Data extracted from a collection:
+---+

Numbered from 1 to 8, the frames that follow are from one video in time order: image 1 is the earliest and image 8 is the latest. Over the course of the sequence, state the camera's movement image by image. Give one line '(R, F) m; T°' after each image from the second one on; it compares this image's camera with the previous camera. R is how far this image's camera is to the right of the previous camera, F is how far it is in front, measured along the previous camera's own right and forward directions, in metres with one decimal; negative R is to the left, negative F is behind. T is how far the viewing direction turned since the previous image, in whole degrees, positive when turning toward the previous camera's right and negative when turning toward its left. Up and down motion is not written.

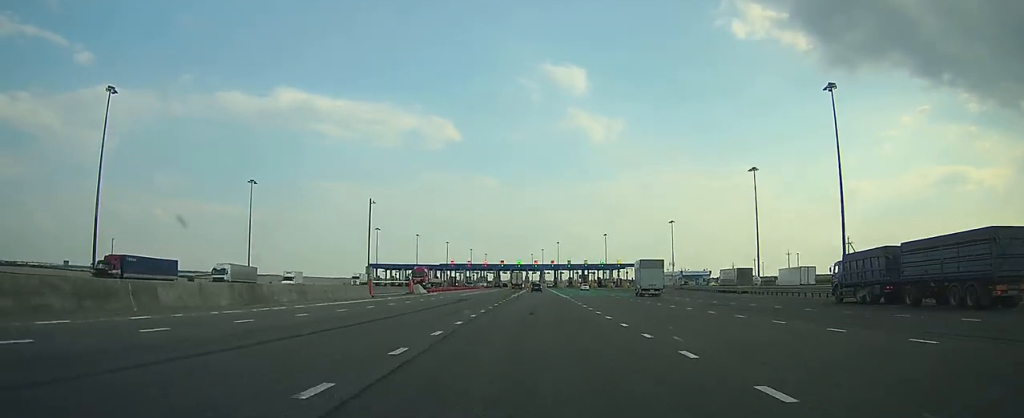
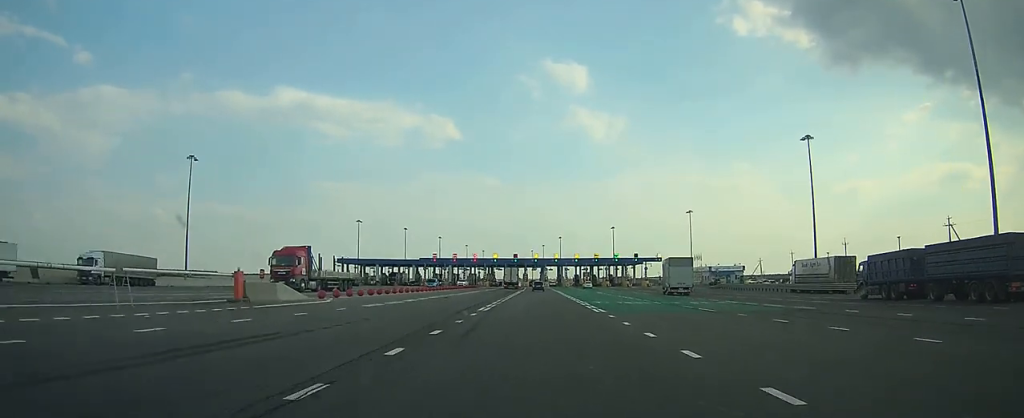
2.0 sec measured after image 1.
(0.0, +32.3) m; 0°
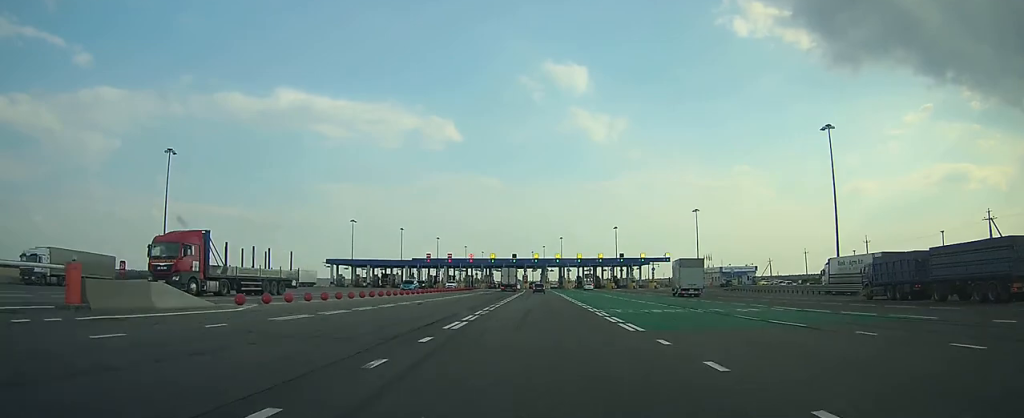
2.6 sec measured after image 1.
(0.0, +9.5) m; 0°
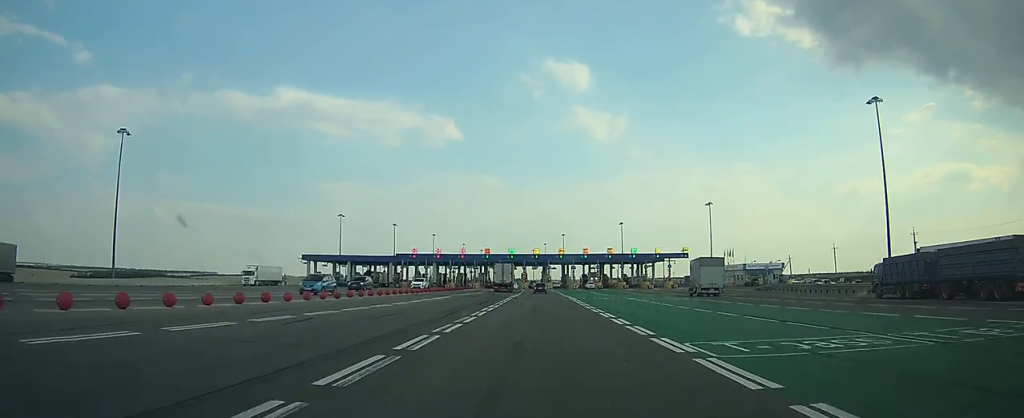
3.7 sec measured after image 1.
(0.0, +17.4) m; 0°
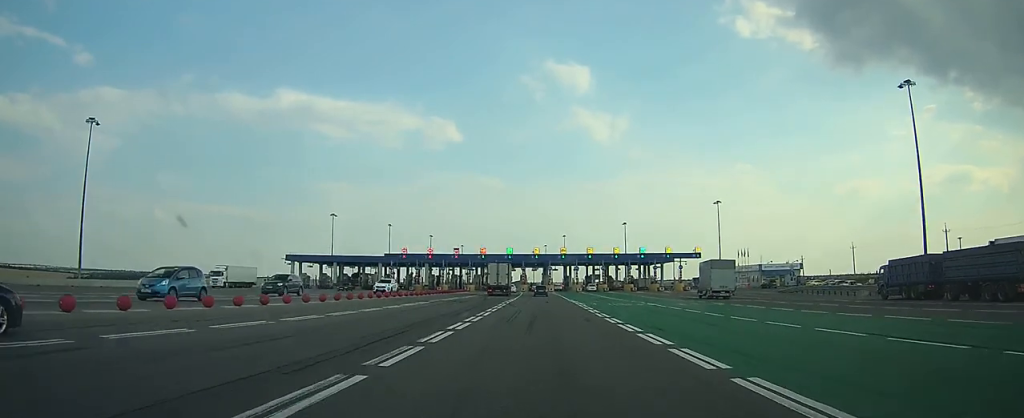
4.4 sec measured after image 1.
(0.0, +9.8) m; 0°
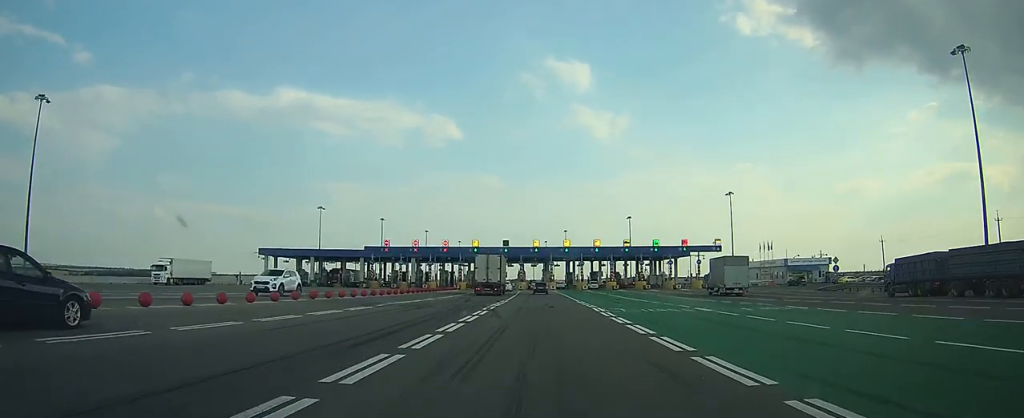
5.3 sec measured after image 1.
(0.0, +13.8) m; 0°
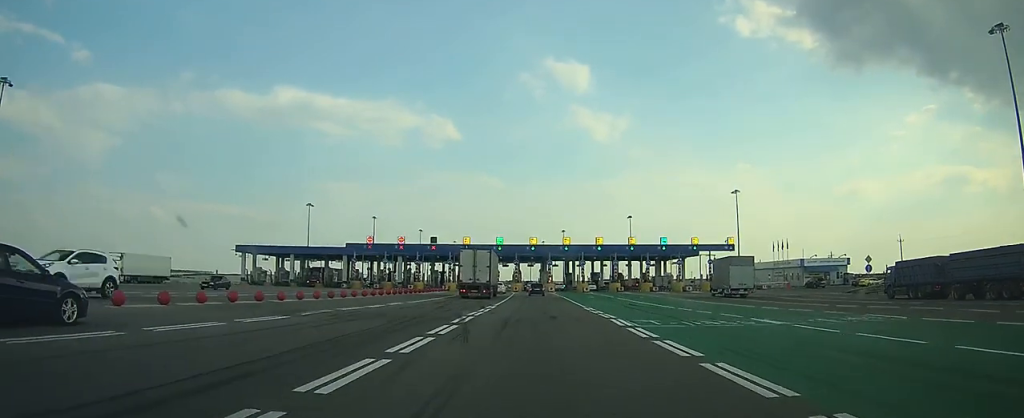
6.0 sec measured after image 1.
(0.0, +8.8) m; 0°
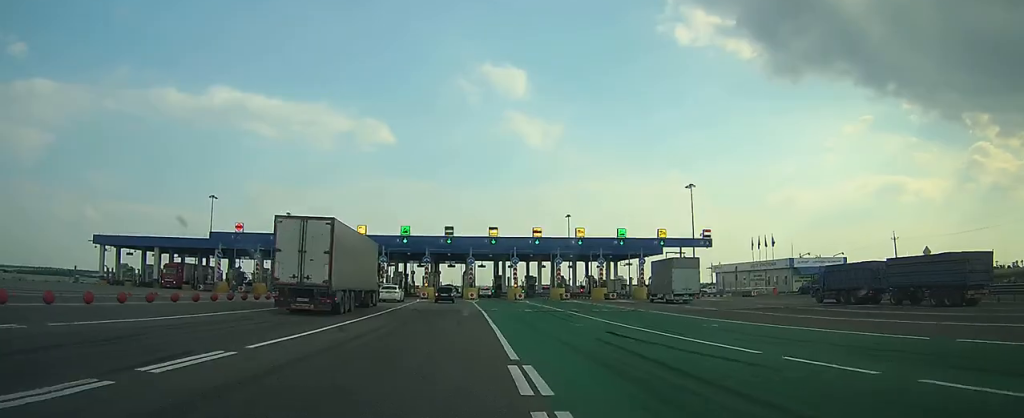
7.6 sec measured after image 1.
(+0.4, +22.4) m; +3°

+---+

WORK TO BE COMPLETED: What is needed is an exact restatement of every line from the line containing "2.6 sec measured after image 1." through the last line of the records, minus any pictures.

EXERCISE SOLUTION:
2.6 sec measured after image 1.
(0.0, +9.5) m; 0°
3.7 sec measured after image 1.
(0.0, +17.4) m; 0°
4.4 sec measured after image 1.
(0.0, +9.8) m; 0°
5.3 sec measured after image 1.
(0.0, +13.8) m; 0°
6.0 sec measured after image 1.
(0.0, +8.8) m; 0°
7.6 sec measured after image 1.
(+0.4, +22.4) m; +3°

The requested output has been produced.